Saved entries:
*** Begin section ***

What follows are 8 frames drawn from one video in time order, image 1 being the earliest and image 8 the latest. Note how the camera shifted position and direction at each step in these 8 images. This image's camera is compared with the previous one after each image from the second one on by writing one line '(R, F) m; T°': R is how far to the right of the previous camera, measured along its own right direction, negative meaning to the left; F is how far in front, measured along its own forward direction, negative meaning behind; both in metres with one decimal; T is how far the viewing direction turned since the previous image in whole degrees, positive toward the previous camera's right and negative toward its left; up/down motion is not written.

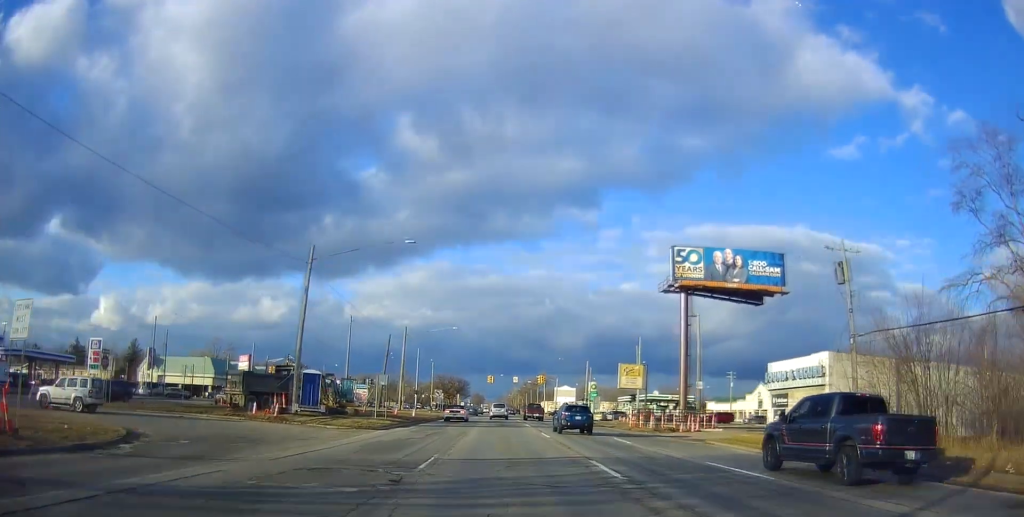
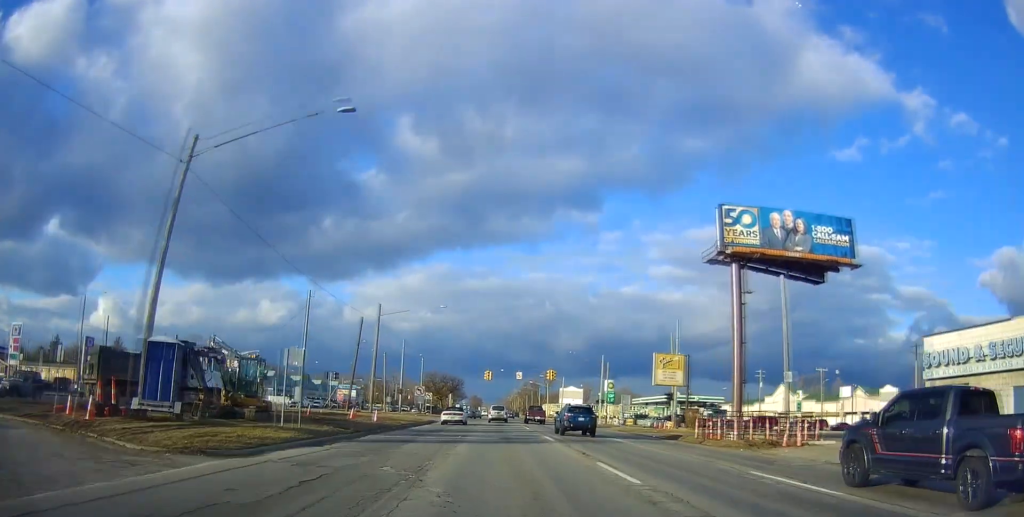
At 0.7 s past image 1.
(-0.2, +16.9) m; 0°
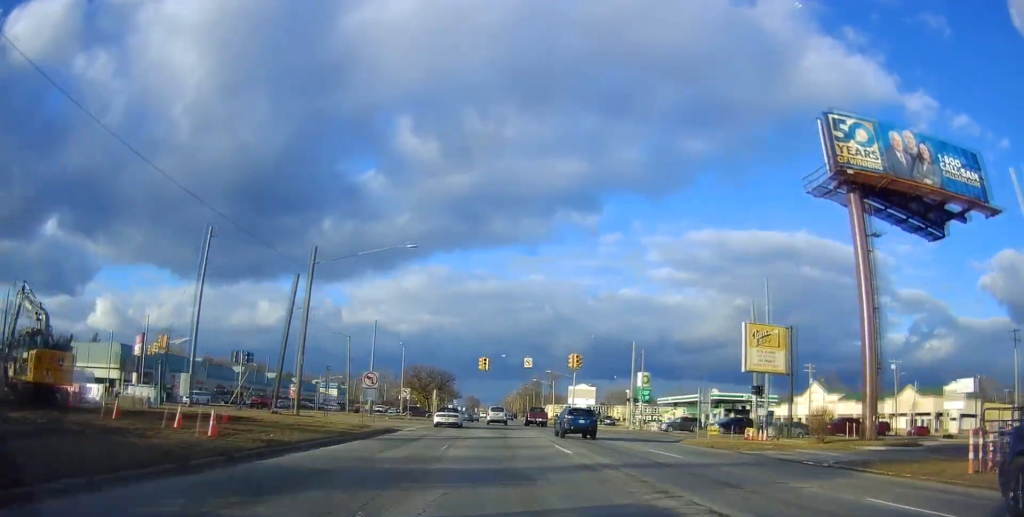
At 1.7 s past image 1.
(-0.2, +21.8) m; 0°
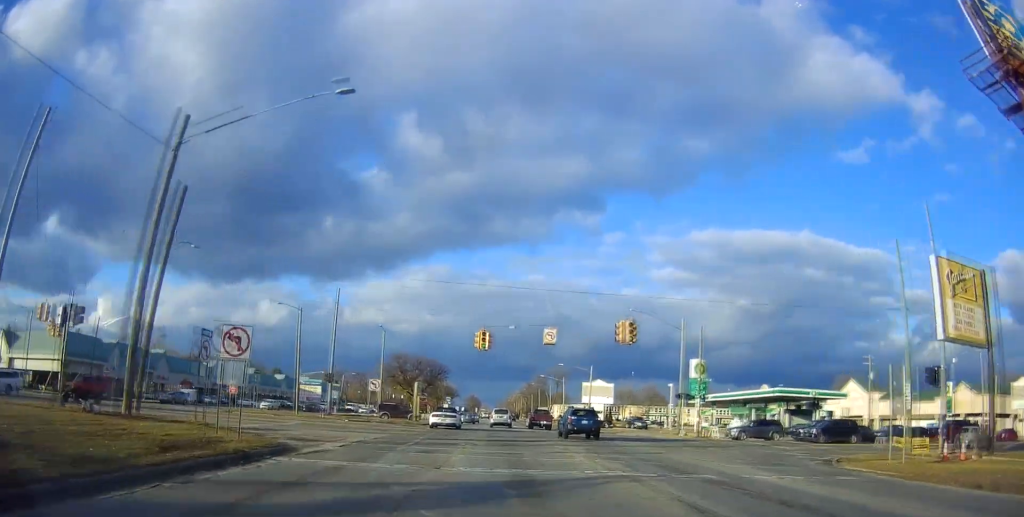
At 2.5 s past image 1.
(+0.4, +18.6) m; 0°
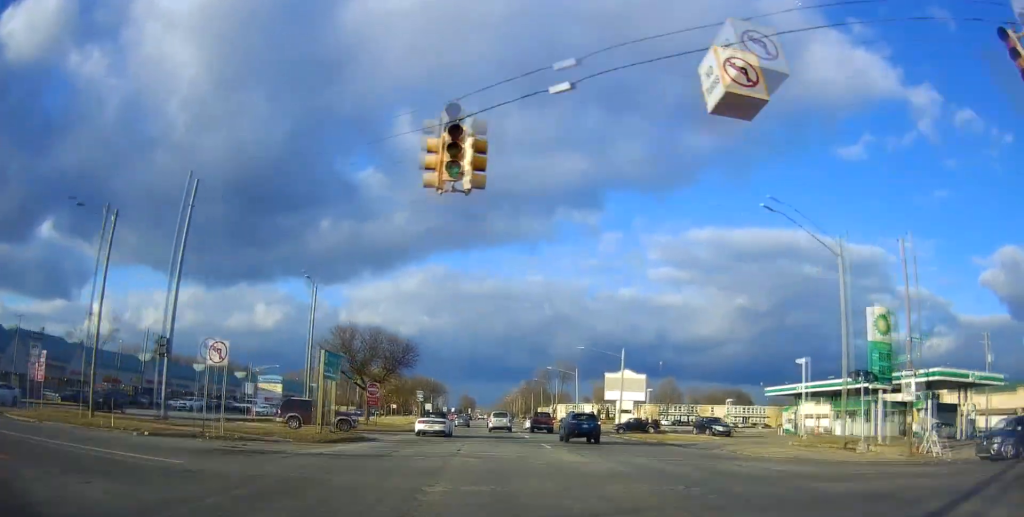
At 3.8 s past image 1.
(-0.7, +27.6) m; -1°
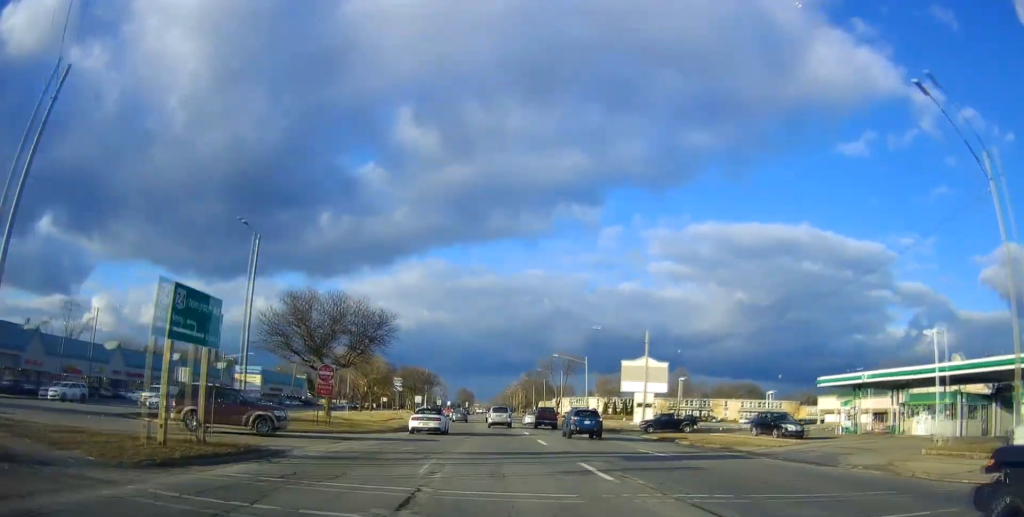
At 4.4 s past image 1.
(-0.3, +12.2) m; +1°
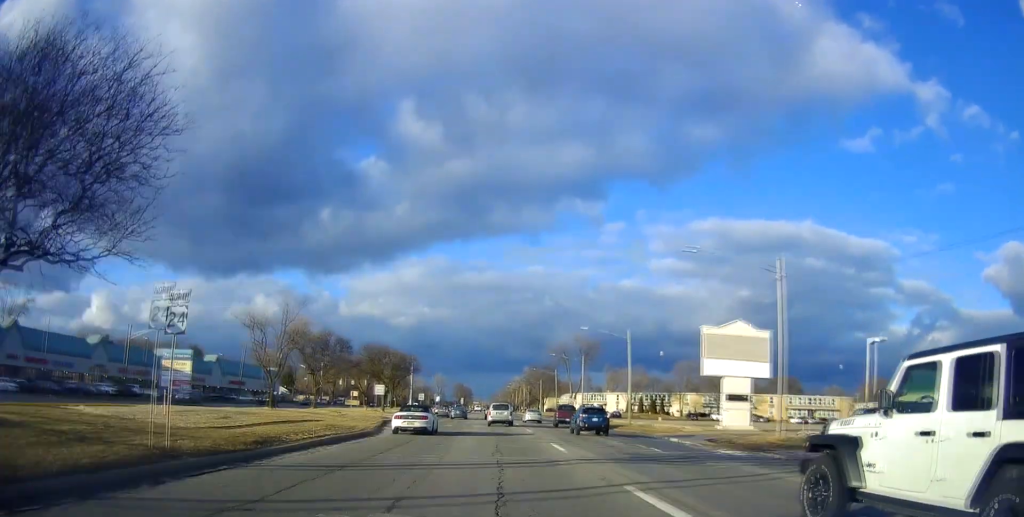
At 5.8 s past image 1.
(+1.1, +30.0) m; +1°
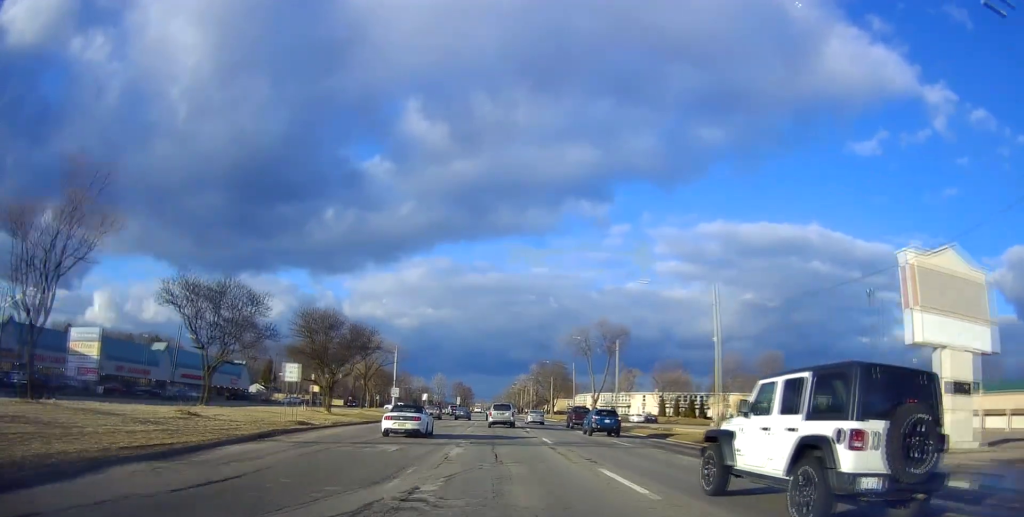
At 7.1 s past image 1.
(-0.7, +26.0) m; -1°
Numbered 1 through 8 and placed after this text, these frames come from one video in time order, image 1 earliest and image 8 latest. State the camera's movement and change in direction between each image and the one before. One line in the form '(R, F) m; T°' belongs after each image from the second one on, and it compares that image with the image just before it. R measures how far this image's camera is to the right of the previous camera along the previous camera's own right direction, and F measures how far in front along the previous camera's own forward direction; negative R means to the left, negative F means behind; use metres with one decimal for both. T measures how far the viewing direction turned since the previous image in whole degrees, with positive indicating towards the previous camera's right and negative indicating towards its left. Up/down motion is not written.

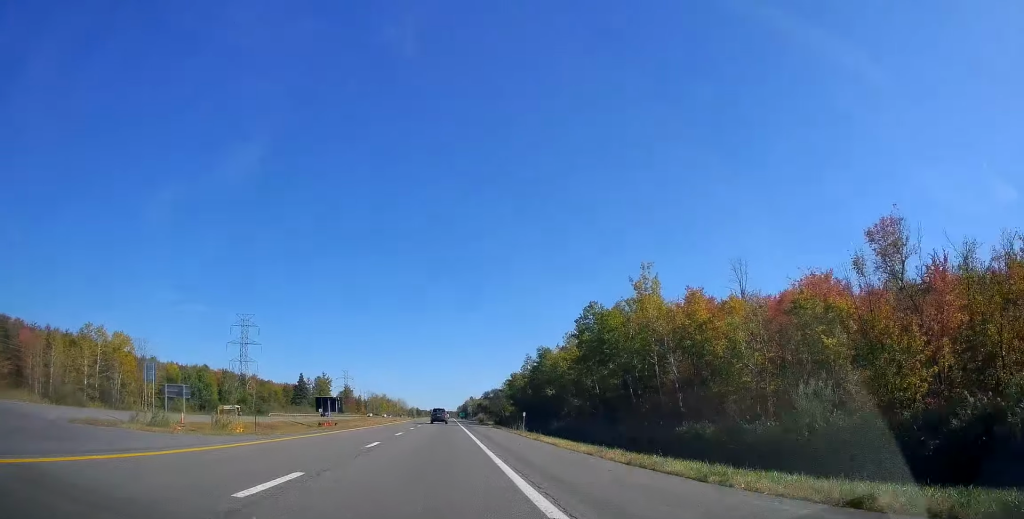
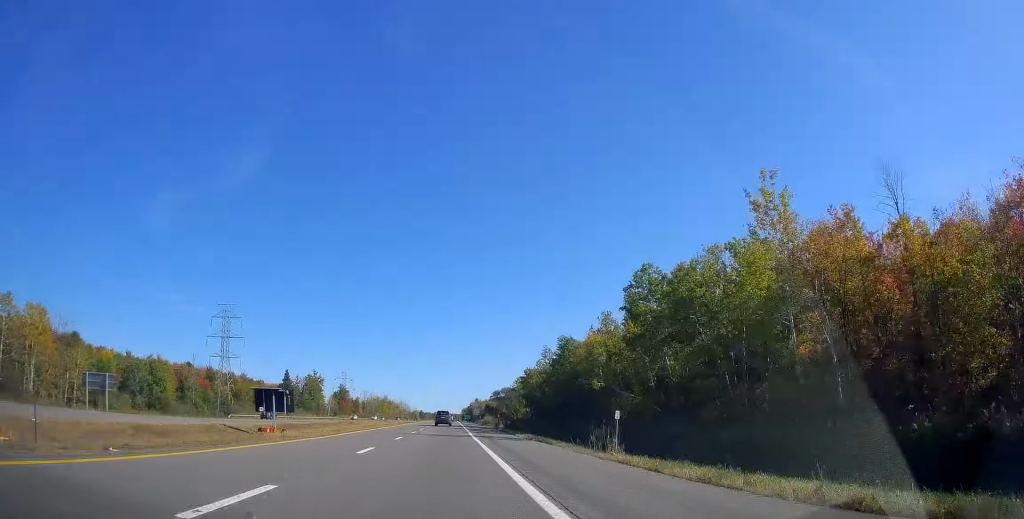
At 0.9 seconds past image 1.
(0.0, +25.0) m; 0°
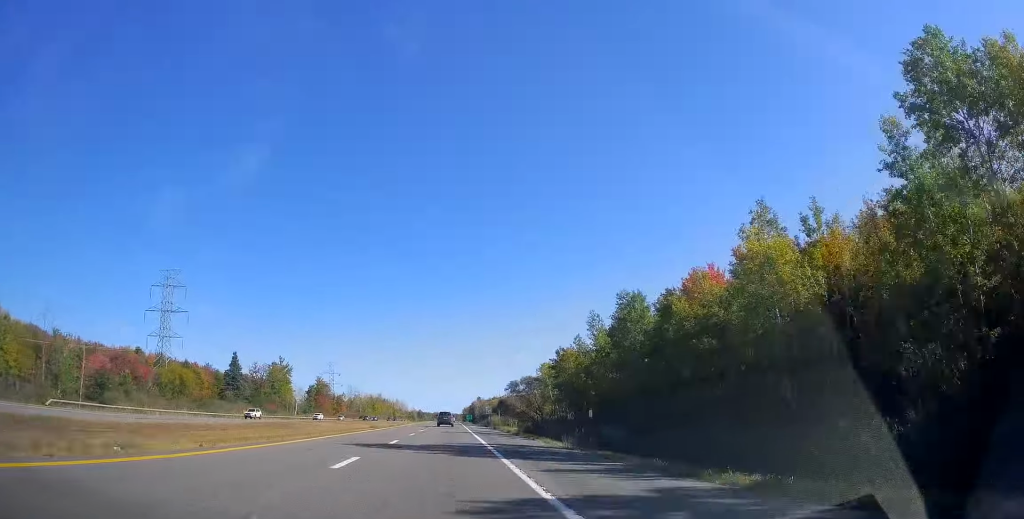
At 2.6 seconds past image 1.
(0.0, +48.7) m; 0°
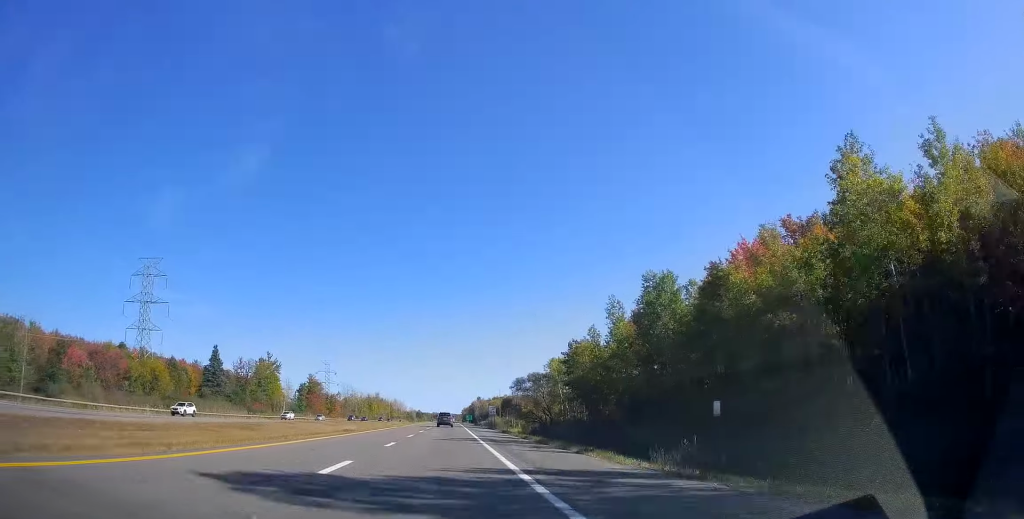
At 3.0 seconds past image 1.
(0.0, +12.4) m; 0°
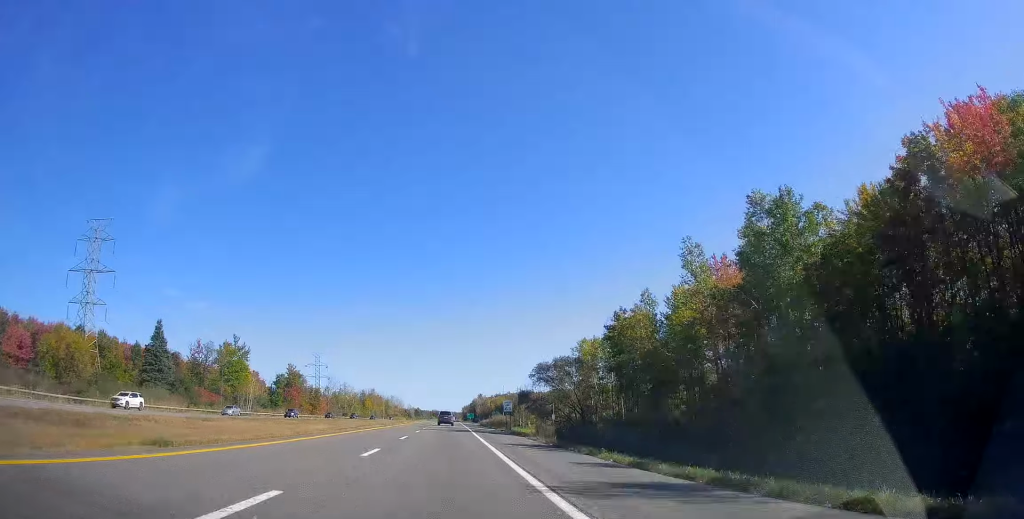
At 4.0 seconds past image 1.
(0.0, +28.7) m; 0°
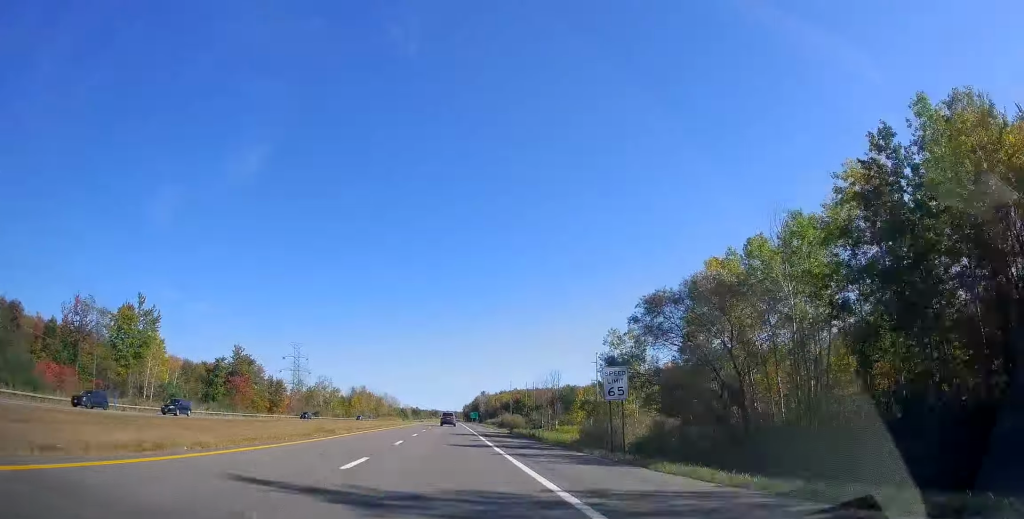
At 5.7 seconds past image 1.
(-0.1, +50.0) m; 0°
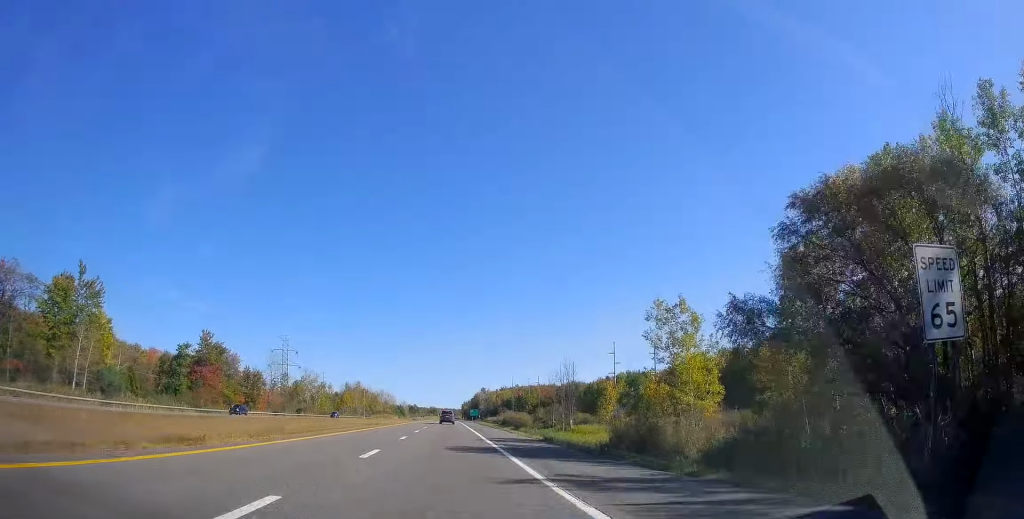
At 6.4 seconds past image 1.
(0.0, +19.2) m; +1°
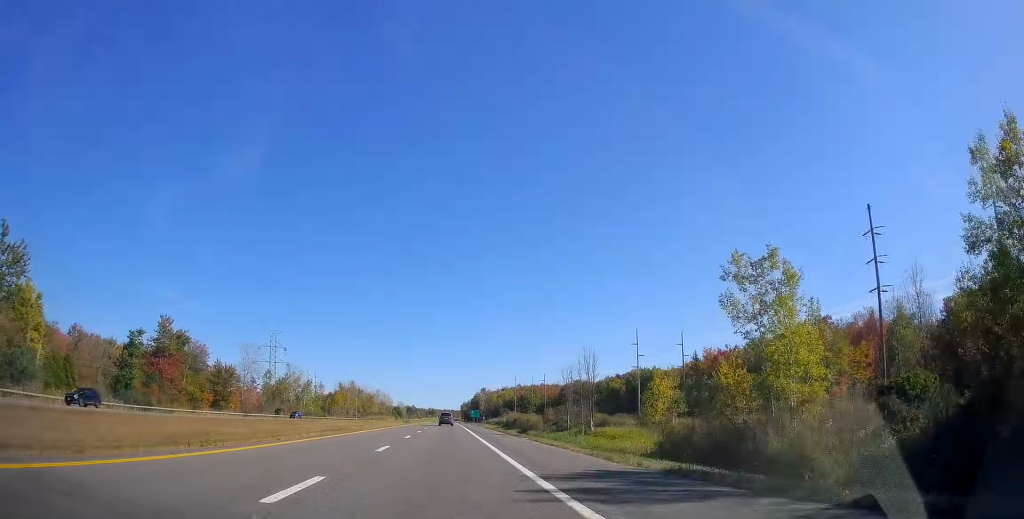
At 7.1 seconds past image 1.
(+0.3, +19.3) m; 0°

*** End section ***

→ **TASK REQUIREMENTS**:
Each line from the one containing "At 6.4 seconds past image 1." to the final line of the data must be printed exactly, both included, with nothing else and no pictures.

→ **TASK RESPONSE**:
At 6.4 seconds past image 1.
(0.0, +19.2) m; +1°
At 7.1 seconds past image 1.
(+0.3, +19.3) m; 0°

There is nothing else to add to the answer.